Two sources at the hospital described other incidents. A nurse suffered a severe nose injury this fall after she was headbutted by the child during a confrontation about a pen.
The child, who is not being identified by name in this story, has had a traumatic upbringing.
An outburst shortly before his second birthday prompted his mother to take him out of a bathtub at their home and leave his younger sibling unattended, court records show. The sibling drowned, the mother was sentenced to four years in prison, and the older boy was placed in the protective custody of Sibley County Human Services. Placements since then with his grandmother and foster homes were short lived.
The hospital’s hope is to transfer him to a facility anywhere in the U.S. that is equipped for children with autism and aggressive behaviors. But nobody yet has found space for him.
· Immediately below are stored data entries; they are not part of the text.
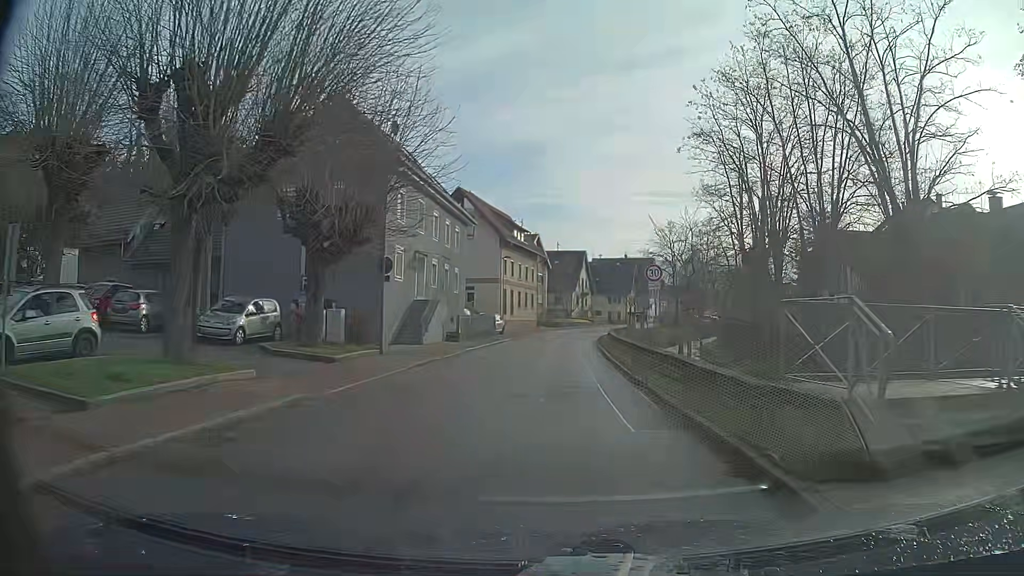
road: secondary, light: Day
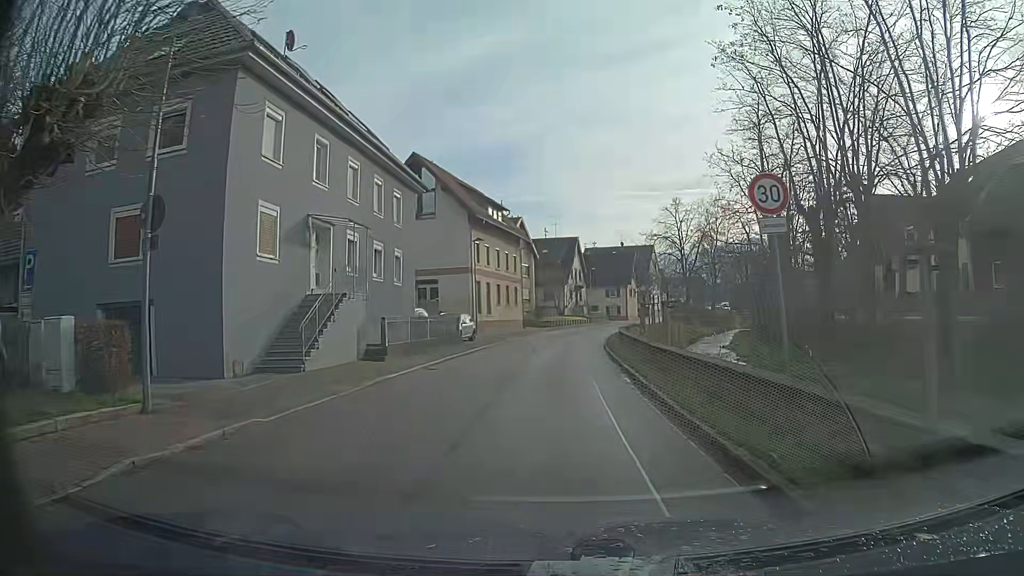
(+0.1, +13.4) m; 0°
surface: asphalt
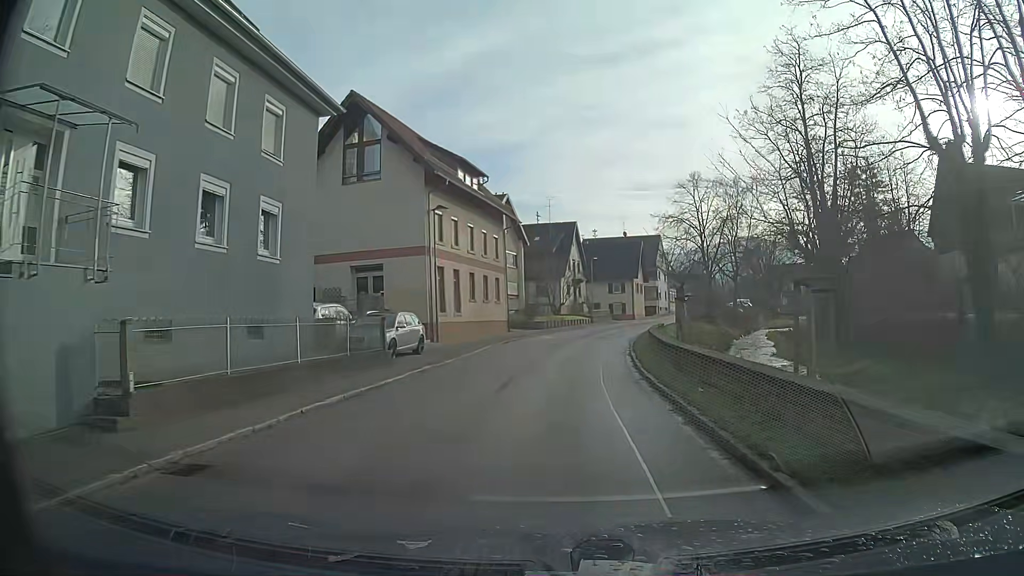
(0.0, +13.3) m; 0°
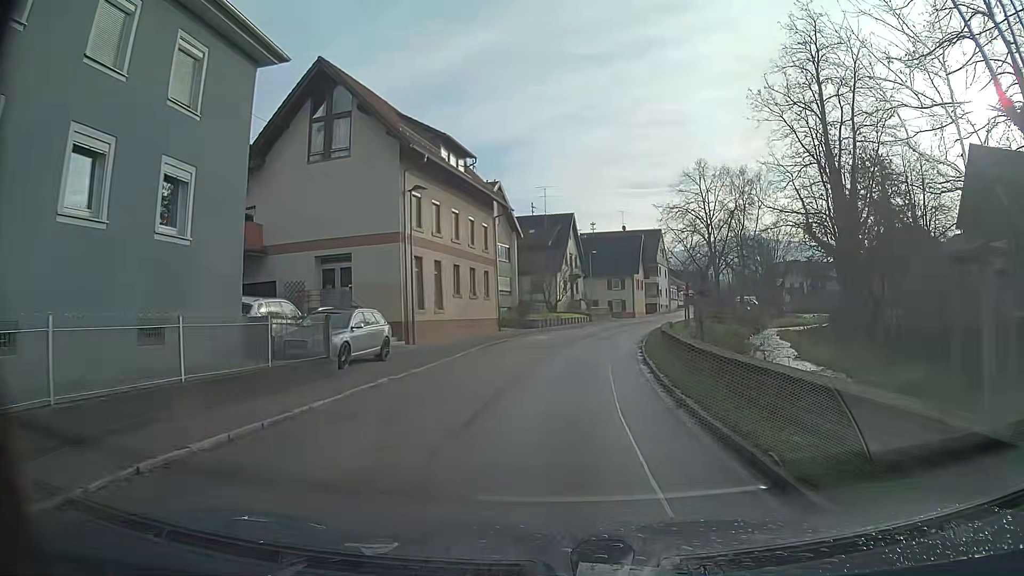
(0.0, +4.5) m; +1°
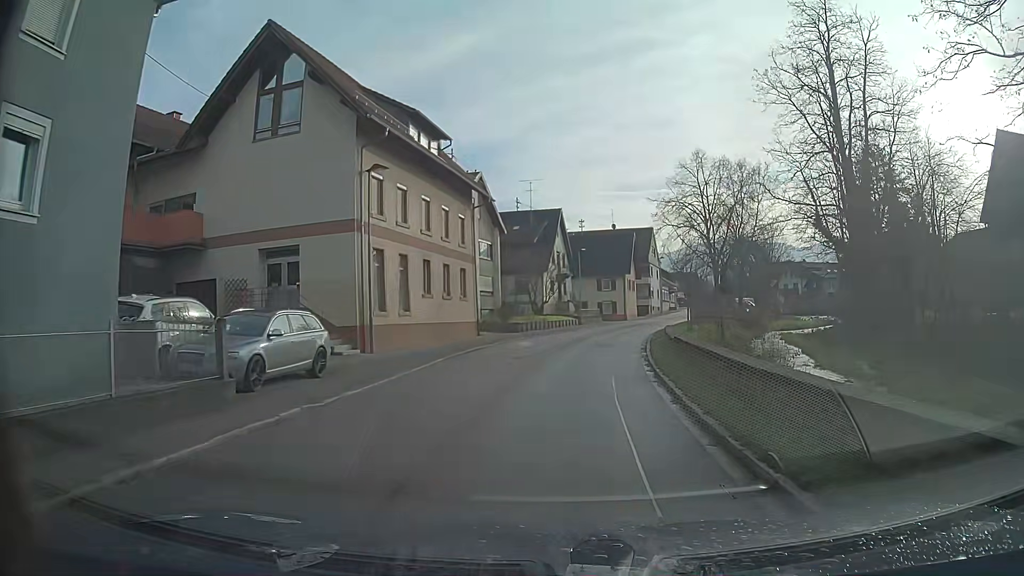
(0.0, +4.5) m; +1°
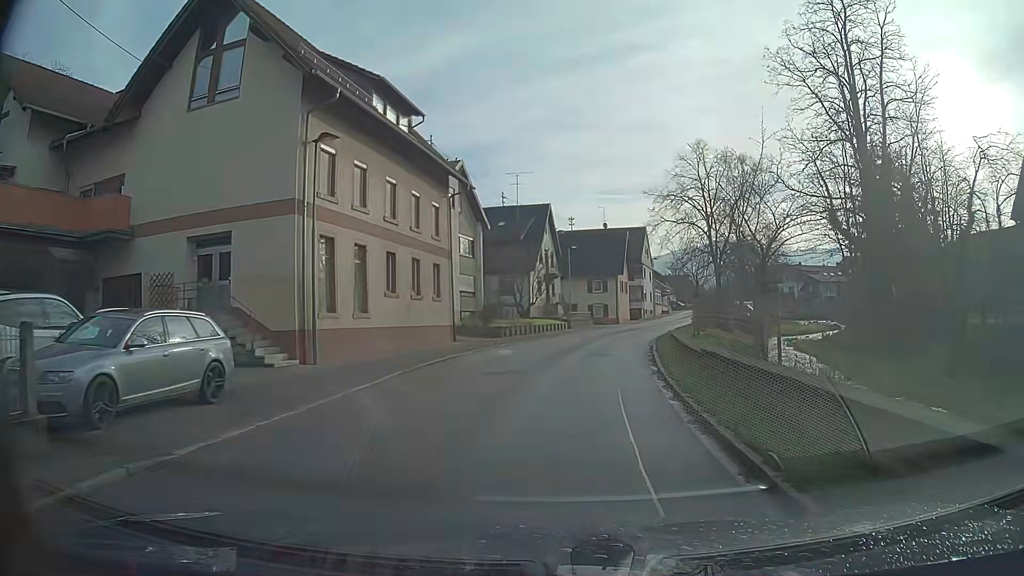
(+0.1, +4.5) m; +1°
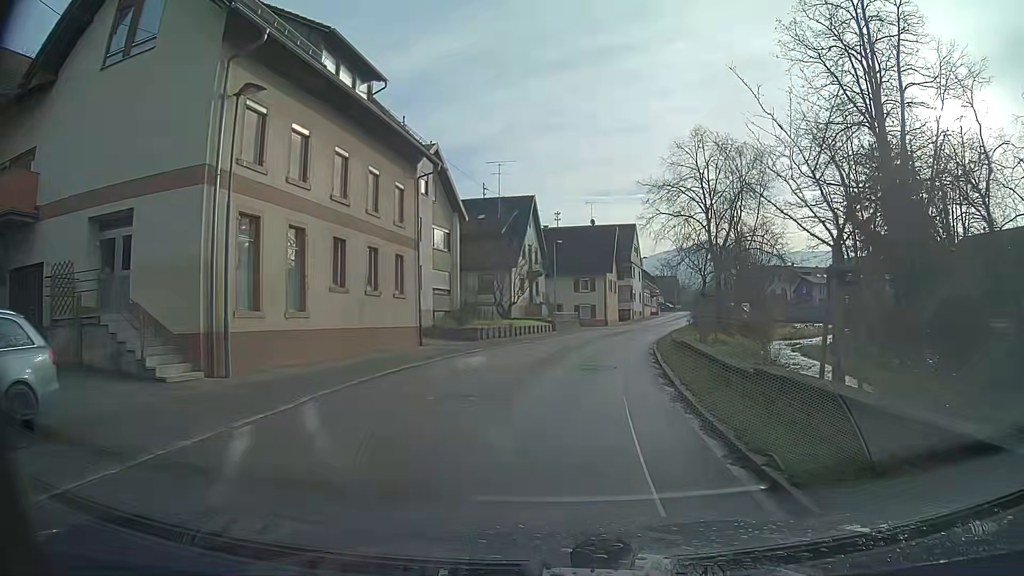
(0.0, +4.4) m; 0°

A Sibley child protection supervisor did not reply to requests for comment.
Privacy protections prevented Ridgeview chief executive Mike Phelps from discussing any specific boarding situations in his ER, but he said it is a growing problem for many hospitals.
Children’s Minnesota is opening an inpatient psychiatric unit in St. Paul next month. However, Phelps said the expansion and recent state mental health investments don’t really address this population of kids. More specialized residential treatment and group home facilities are needed, and more staffing is needed to maximize the use of facilities that already exist.
“I can appreciate building inpatient psychiatric beds — that’s great — and investing in outpatient mental health services,” he said. “But this is in between that and it’s a subset of kids who just don’t have a place to go.”
The county reportedly asked Ridgeview to transport the child to school, but the hospital isn’t set up to do that. Hospitals receive little or no reimbursement for children boarded in their ERs in these non-clinical situations.
Phelps said he couldn’t confirm the school request but that counties in general are asking hospitals to do more as they become de facto homes for children. He disagreed with the sheriff report claim that “nothing” is being done, and said “we take the safety of our staff as a priority.”
Ridgeview recently doubled its security staffing and conducted training on de-escalation tactics and management of aggressive behavior, according to a written statement from the hospital. One-on-one supervision with backup staff nearby is used in difficult cases. Staff have tried connecting with boarded children by bringing clothes and playing games with them.
Zeidner said consistency is critical. Staff at the U pediatric hospital have been advised to use the same approaches when rewarding or disciplining children stuck in the ER. Varied approaches create confusion, which leads to agitation. Some nurses had been rewarding one child’s good behavior with ice cream, for example, but then the child became upset when others did not, he said.
“We can’t have personal styles impacting how they interact with patients,” he said. “What we try to do for patients, whenever possible in these settings, is to create as much of that consistency to allow them to be as calm as possible.”